## Dataset excerpts:
•••••
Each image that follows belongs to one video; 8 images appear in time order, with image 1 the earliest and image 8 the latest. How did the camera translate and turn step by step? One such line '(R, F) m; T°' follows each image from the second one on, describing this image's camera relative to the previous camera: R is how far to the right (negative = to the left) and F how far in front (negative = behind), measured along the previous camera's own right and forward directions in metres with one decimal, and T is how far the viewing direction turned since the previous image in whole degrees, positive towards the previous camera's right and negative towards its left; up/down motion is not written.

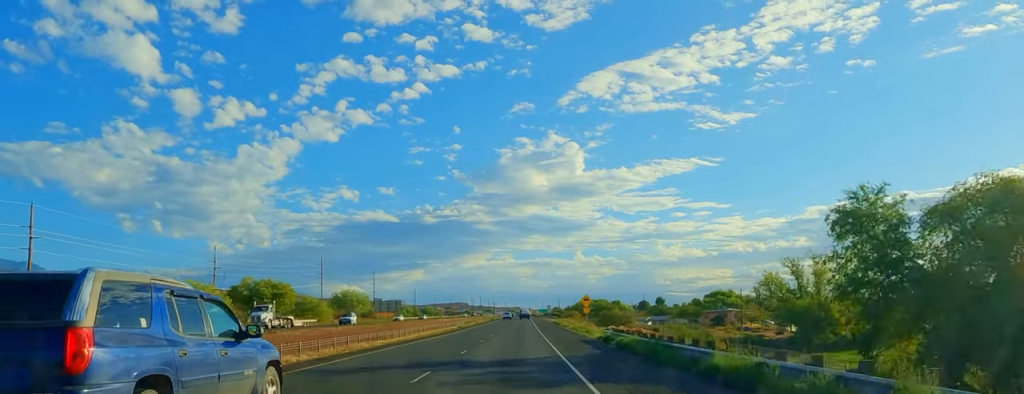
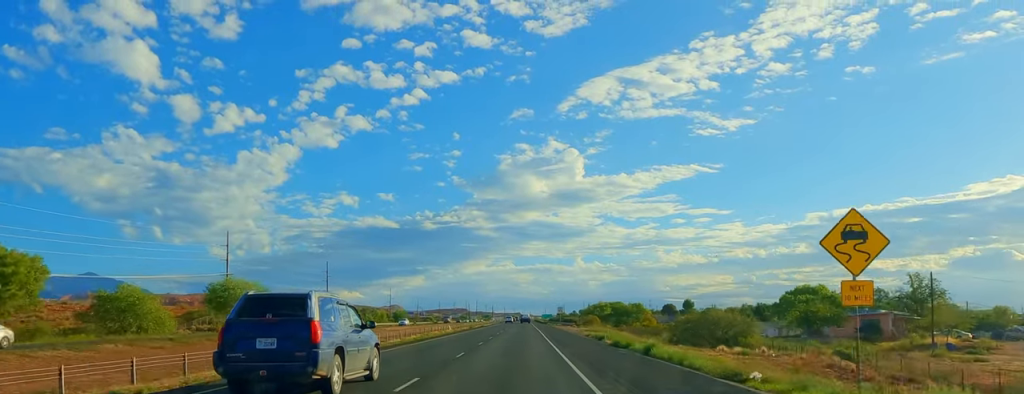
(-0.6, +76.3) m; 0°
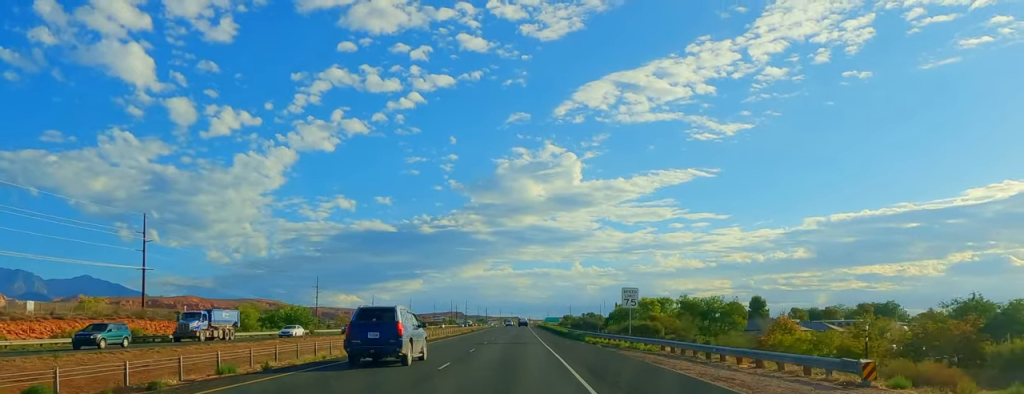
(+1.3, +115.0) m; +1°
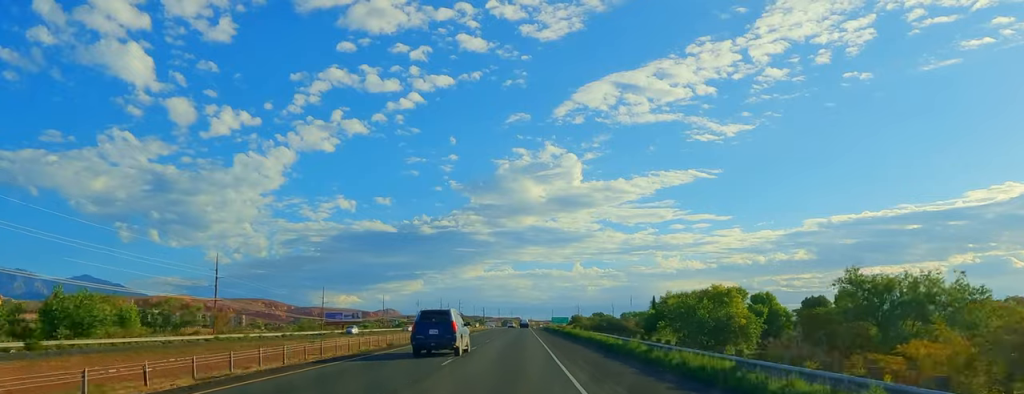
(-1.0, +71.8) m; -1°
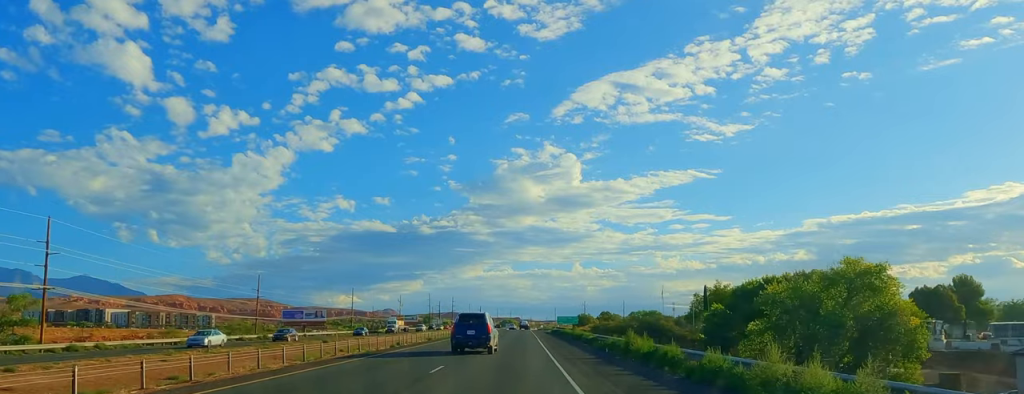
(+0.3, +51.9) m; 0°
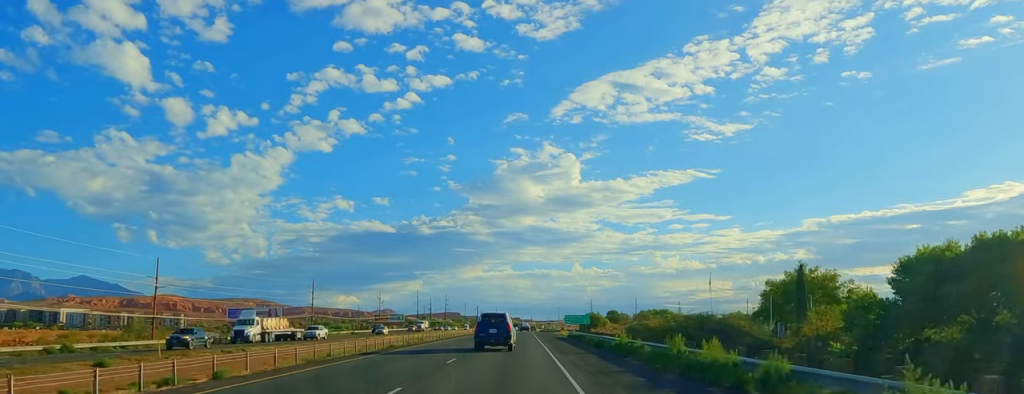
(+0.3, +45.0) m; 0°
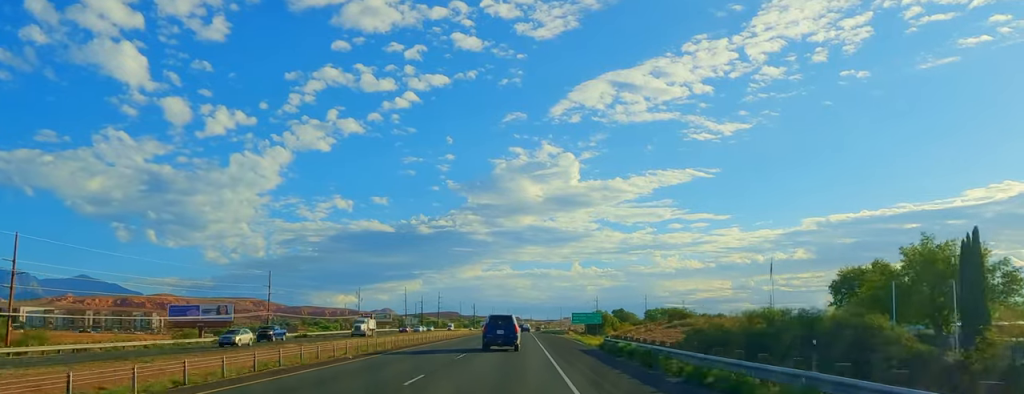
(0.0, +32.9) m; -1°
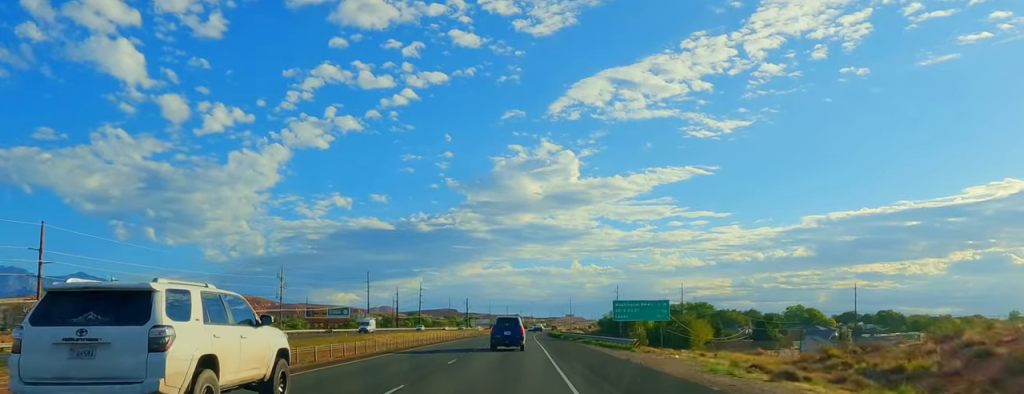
•••••
## Problem details:
Could you print all of the entries exactly, skipping the images?

## Answer to the exercise:
Each image that follows belongs to one video; 8 images appear in time order, with image 1 the earliest and image 8 the latest. How did the camera translate and turn step by step? One such line '(R, F) m; T°' follows each image from the second one on, describing this image's camera relative to the previous camera: R is how far to the right (negative = to the left) and F how far in front (negative = behind), measured along the previous camera's own right and forward directions in metres with one decimal, and T is how far the viewing direction turned since the previous image in whole degrees, positive towards the previous camera's right and negative towards its left; up/down motion is not written.

(-0.6, +76.3) m; 0°
(+1.3, +115.0) m; +1°
(-1.0, +71.8) m; -1°
(+0.3, +51.9) m; 0°
(+0.3, +45.0) m; 0°
(0.0, +32.9) m; -1°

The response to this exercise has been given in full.